I'm not 100% sure I see the bug here. I would think that most internal files would be touched, at least to check for information consistency, somewhat regularly. (apologies if I'm wildly confused or off-base, first time I'm getting into the Mozilla internals)
If there are no changes to a folders content I think there should be no changes to the .msf file. It may be an option to have a mark for the folder "frozen/static/archived" to avoid any change to it
Devoti Paolo writes in comment #4: > If there are no changes to a folders content I think there should be no > changes to the .msf file. Exactly. Stephan Golux writes in comment #0: > This wreaks havoc with backup systems, which keep thinking these files > have been updated and decides it needs to back them up. I was burnt by this recently. A while back I noticed that *all* .msf files were bring touched on startup, so I added a rule to my backup scripts to exclude them, and thus ceased backing them up. Recently some bug caused a bunch of .msf files to get zeroed out, and away went the associated message state information. Not the biggest loss, but still an annoyance, as I become increasingly more reliant on message meta data (like tags). (I'm currently looking through Bugzilla to see if this is a known problem, and to see if there is a way to permanently store the state information in the mailbox file. Although I know there are some status headers maintained by Mozilla, I don't think compacting the folder writes all of the meta data into the mailbox file itself.)
On my System (WinXP Professional, Thunderbird 2.0.0.6) the "last changed" timestamp seen in the properties dialog of my Profiles/default/*/Mail/pop3.web.de/Inbox file did not change in the last months, but I got lots of mails in the last months. Only the "last access" timestamp did change. This prevented my backupsoftware from doing incremental backups correctly of my mailboxes. Thunderbird should really set this timestamp accordingly. Couldn't someone write a AddOn that does this, until this gets resolved? I'm not a programmer or coder, so don't point at me :)
(In reply to comment #6) Excuse me. I looked at the wrong file. Please ignore my rantings. All the praise to the people creating thunderbird.
This also occurs on Macintosh (OS X 10.x). If found this problem because OS X's "Time Machine" was backing 500 mbytes a day when I was just reading my email (I have years of old email stored in Thunderbird folders). I guess one alternate solution (on Mac OS X) would be to archive the whole Thunderbird /Users/MyLogin/Library/Thunderbird directory tree into another account's dir tree on the box. You could then login into that other account and run Thunderbird there to see the old archived files. And also, you could delete old folders out of your current tree to prevent them from getting backed up.

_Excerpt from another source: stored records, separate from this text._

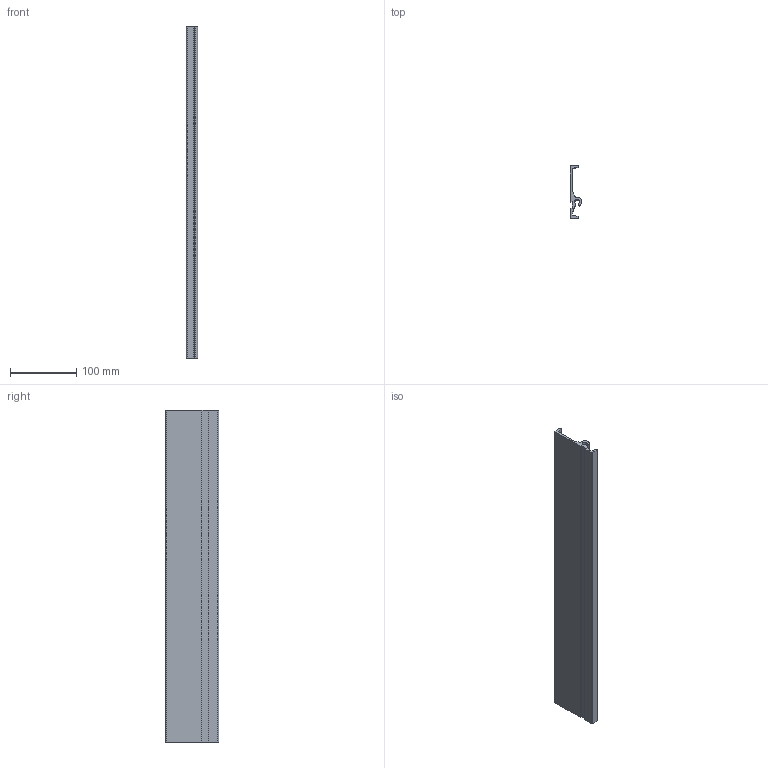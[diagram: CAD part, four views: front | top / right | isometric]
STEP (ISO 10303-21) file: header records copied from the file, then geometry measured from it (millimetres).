
FILE_DESCRIPTION(/* description */ ('STEP AP203'),/* implementation_level */ '2;1');
FILE_NAME(/* name */ 'SPS.SPP40.80 L=500.stp',/* time_stamp */ '2021-08-05T14:13:11+02:00',/* author */ ('giacomo.grandesso'),/* organization */ (''),/* preprocessor_version */ 'ST-DEVELOPER v18.1',/* originating_system */ 'Autodesk Inventor 2021',/* authorisation */ '');
FILE_SCHEMA (('AUTOMOTIVE_DESIGN { 1 0 10303 214 3 1 1 }'));
Length unit declared in the file: millimetre
Products named in the file (1): SPS.SPP40.80
Bounding box: 16.99 x 80 x 500 mm (x, y, z)
Volume: 217737.7 mm3; surface area: 118884.8 mm2
Topology: 1 solids, 1 shells, 27 faces, 75 edges, 50 vertices
Faces by surface type: plane 18, cylinder 9
Entity records: 908 total; most frequent: CARTESIAN_POINT 153, ORIENTED_EDGE 150, DIRECTION 149, EDGE_CURVE 75, LINE 57, VECTOR 57, VERTEX_POINT 50, AXIS2_PLACEMENT_3D 46

But this is a pretty brain damaged solution. Re: Comment 1 by WADA Why does does the modification time of an .msf file change if the state and retention policy hasn't changed?
(In reply to comment #8) > Re: Comment 1 by WADA > Why does does the modification time of an .msf file change if the state and > retention policy hasn't changed? ".msf" file is an Data Base(mork DB). And I believe that it's always opened with "write-mode" (open with read-only mode is nonsense, because ".msf" is a data base to keep track of action on mail folder). And, history of activity(for example, timestamp data of last check by retension policy) is held in ".msf". To Ben Slade: What do you think?

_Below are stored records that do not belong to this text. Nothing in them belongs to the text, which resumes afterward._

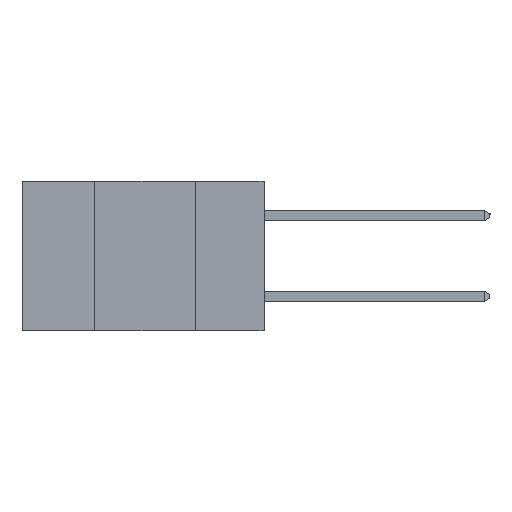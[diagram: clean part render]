
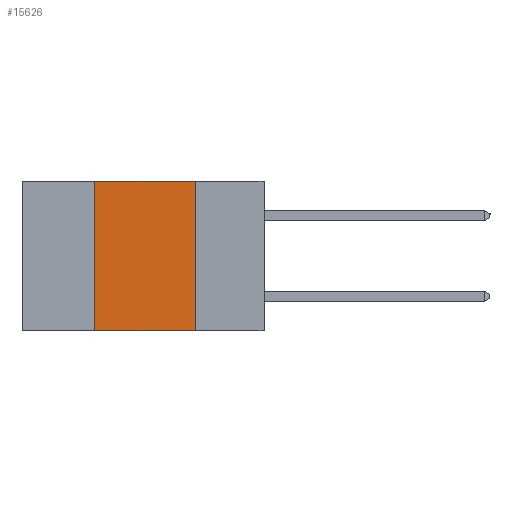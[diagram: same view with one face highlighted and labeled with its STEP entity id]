
A CAD part, left-side view. The second image highlights one B-rep face of the part: STEP entity #15626.
In plain terms, the highlighted planar face has unit normal (-1, 0, 0).
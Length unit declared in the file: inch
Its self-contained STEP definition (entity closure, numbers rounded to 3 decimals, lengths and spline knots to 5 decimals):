
#255 = CARTESIAN_POINT ( 'NONE',  ( 0., 0.42, 0. ) ) ;
#822 = CARTESIAN_POINT ( 'NONE',  ( 0., 0.17, -0.37 ) ) ;
#823 = LINE ( 'NONE', #3237, #1143 ) ;
#934 = EDGE_CURVE ( 'NONE', #8786, #9481, #14215, .T. ) ;
#1079 = CARTESIAN_POINT ( 'NONE',  ( 0., 0.17, -0.37 ) ) ;
#1143 = VECTOR ( 'NONE', #11111, 39.37008 ) ;
#1250 = AXIS2_PLACEMENT_3D ( 'NONE', #9012, #4859, #6239 ) ;
#1255 = ORIENTED_EDGE ( 'NONE', *, *, #15201, .F. ) ;
#2203 = CARTESIAN_POINT ( 'NONE',  ( 0., 0.6, 0. ) ) ;
#2408 = VECTOR ( 'NONE', #8070, 39.37008 ) ;
#3237 = CARTESIAN_POINT ( 'NONE',  ( 0., 0.6, -0.37 ) ) ;
#3408 = DIRECTION ( 'NONE',  ( 0., -1., 0. ) ) ;
#4859 = DIRECTION ( 'NONE',  ( 1., 0., 0. ) ) ;
#6132 = CARTESIAN_POINT ( 'NONE',  ( 0., 0.17, 0. ) ) ;
#6140 = PLANE ( 'NONE',  #1250 ) ;
#6239 = DIRECTION ( 'NONE',  ( 0., 0., -1. ) ) ;
#6396 = VECTOR ( 'NONE', #13182, 39.37008 ) ;
#7982 = EDGE_CURVE ( 'NONE', #17028, #16393, #13605, .T. ) ;
#8070 = DIRECTION ( 'NONE',  ( 0., 0., 1. ) ) ;
#8786 = VERTEX_POINT ( 'NONE', #6132 ) ;
#8976 = VECTOR ( 'NONE', #3408, 39.37008 ) ;
#9012 = CARTESIAN_POINT ( 'NONE',  ( 0., 0.6, 0. ) ) ;
#9444 = ORIENTED_EDGE ( 'NONE', *, *, #934, .F. ) ;
#9481 = VERTEX_POINT ( 'NONE', #822 ) ;
#10075 = LINE ( 'NONE', #2203, #8976 ) ;
#11111 = DIRECTION ( 'NONE',  ( 0., -1., 0. ) ) ;
#11351 = FACE_OUTER_BOUND ( 'NONE', #16278, .T. ) ;
#11612 = EDGE_CURVE ( 'NONE', #17028, #9481, #823, .T. ) ;
#13182 = DIRECTION ( 'NONE',  ( 0., 0., -1. ) ) ;
#13516 = ORIENTED_EDGE ( 'NONE', *, *, #7982, .F. ) ;
#13517 = CARTESIAN_POINT ( 'NONE',  ( 0., 0.42, -0.37 ) ) ;
#13605 = LINE ( 'NONE', #14551, #2408 ) ;
#13851 = ORIENTED_EDGE ( 'NONE', *, *, #11612, .T. ) ;
#14215 = LINE ( 'NONE', #1079, #6396 ) ;
#14551 = CARTESIAN_POINT ( 'NONE',  ( 0., 0.42, -0.37 ) ) ;
#15201 = EDGE_CURVE ( 'NONE', #16393, #8786, #10075, .T. ) ;
#15626 = ADVANCED_FACE ( 'NONE', ( #11351 ), #6140, .F. ) ;
#16278 = EDGE_LOOP ( 'NONE', ( #9444, #1255, #13516, #13851 ) ) ;
#16393 = VERTEX_POINT ( 'NONE', #255 ) ;
#17028 = VERTEX_POINT ( 'NONE', #13517 ) ;

In my experience in a system with many hundreds of all *.msf are opened every time you open Thunderbird. I don't understand the justification for this. What purpose is there in opening a file which is not involved in a given sessions activities? There is also a related lost (needs to be rebuilt) index problem which may be related to this one. But my main problem is that there is unnecessary overhead in backing up and synchronizing Thunderbird because of all the files that are forced into play (essentially all Thunderbird's data files). A daily back-up or a desktop-laptop sync should be a minute operation at today's router speeds or using something like the Laplink cable. But my backups/syncs take 5-10 minutes and a huge part of that - like 9/10ths - is the filehandling system Thunderbird has created. No other software I've encountered, including three other email programs, behave similarly.

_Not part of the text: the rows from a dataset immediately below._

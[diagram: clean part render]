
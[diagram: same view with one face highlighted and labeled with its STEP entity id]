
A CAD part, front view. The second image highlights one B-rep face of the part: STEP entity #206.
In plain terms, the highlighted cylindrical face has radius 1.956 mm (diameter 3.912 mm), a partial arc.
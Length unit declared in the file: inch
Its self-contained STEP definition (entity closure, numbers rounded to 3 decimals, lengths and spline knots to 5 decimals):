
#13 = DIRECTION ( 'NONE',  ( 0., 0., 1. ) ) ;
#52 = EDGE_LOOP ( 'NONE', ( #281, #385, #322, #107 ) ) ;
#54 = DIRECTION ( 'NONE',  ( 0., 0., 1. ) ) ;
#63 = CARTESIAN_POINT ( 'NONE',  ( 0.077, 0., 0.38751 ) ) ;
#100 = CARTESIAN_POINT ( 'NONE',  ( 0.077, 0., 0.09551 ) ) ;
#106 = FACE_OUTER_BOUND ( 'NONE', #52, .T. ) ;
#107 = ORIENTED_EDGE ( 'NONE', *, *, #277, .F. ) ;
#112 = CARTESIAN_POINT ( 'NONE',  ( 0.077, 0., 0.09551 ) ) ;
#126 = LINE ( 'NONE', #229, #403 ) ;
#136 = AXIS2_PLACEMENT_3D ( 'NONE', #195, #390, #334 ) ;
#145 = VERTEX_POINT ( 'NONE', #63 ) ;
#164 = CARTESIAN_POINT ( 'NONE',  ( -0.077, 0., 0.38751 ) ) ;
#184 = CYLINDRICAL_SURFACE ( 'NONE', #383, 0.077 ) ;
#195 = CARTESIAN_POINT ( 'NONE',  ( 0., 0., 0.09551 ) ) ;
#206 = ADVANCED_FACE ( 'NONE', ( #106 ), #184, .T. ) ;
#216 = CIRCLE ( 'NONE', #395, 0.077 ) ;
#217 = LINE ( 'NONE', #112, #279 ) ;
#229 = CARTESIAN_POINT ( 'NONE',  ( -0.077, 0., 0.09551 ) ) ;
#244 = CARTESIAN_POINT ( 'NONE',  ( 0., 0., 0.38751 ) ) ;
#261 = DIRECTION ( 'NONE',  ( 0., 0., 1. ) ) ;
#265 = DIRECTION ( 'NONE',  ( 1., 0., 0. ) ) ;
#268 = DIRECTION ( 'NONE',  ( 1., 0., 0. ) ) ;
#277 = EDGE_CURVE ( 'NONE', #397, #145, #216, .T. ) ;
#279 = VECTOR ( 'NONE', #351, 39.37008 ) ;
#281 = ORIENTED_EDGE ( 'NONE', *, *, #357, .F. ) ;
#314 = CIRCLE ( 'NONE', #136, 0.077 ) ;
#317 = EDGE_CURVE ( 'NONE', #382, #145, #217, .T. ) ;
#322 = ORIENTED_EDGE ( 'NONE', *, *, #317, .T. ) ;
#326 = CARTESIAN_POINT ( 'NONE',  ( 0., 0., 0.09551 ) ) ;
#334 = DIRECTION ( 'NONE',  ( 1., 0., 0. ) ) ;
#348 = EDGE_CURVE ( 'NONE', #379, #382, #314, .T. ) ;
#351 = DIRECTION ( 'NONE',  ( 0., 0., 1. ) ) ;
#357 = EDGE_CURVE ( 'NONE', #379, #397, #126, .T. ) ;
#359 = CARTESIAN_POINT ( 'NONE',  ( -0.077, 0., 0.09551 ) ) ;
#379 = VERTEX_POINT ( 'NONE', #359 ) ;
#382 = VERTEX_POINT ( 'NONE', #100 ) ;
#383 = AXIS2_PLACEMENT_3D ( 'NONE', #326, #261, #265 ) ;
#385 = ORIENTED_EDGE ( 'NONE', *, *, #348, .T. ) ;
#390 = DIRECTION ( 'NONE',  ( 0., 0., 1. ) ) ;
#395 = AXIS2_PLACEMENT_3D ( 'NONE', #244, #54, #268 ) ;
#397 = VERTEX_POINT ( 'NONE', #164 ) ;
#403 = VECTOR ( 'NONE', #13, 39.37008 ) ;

Summary: Thunderbird updates File Modified timestamp on MSF files even when the mail folder is not accessed or changed. → Thunderbird updates File Modified timestamp on MSF files even when the mail folder is not accessed or changed. (not good for backup)
Summary: Thunderbird updates File Modified timestamp on MSF files even when the mail folder is not accessed or changed. (not good for backup) → Thunderbird updates File Modified timestamp on MSF files even when the mail folder is not accessed or changed. (not good for backups)
Some random thought after reading Comment 9. I think that the real problem is that .msf file (if I understand correctly the comment) are used for two completely different purposes (please correct me if I'm wrong). The first one is to index the mail file, and keep track of the status of each and every message. The second one is to keep track of the global status of that particular mail file (that is seen as a folder). This status includes information that can change without explicit actions from the user (e.g. when the folder was compressed, when was viewed etc...). So, often thunderbird writes something into the .msf file (it is not sufficient to open a file in read-write mode to change its date). I think that this two different kind of information should go to different files, so that one can backup only the .msf files, losing almost nothing not backing up the second type of information.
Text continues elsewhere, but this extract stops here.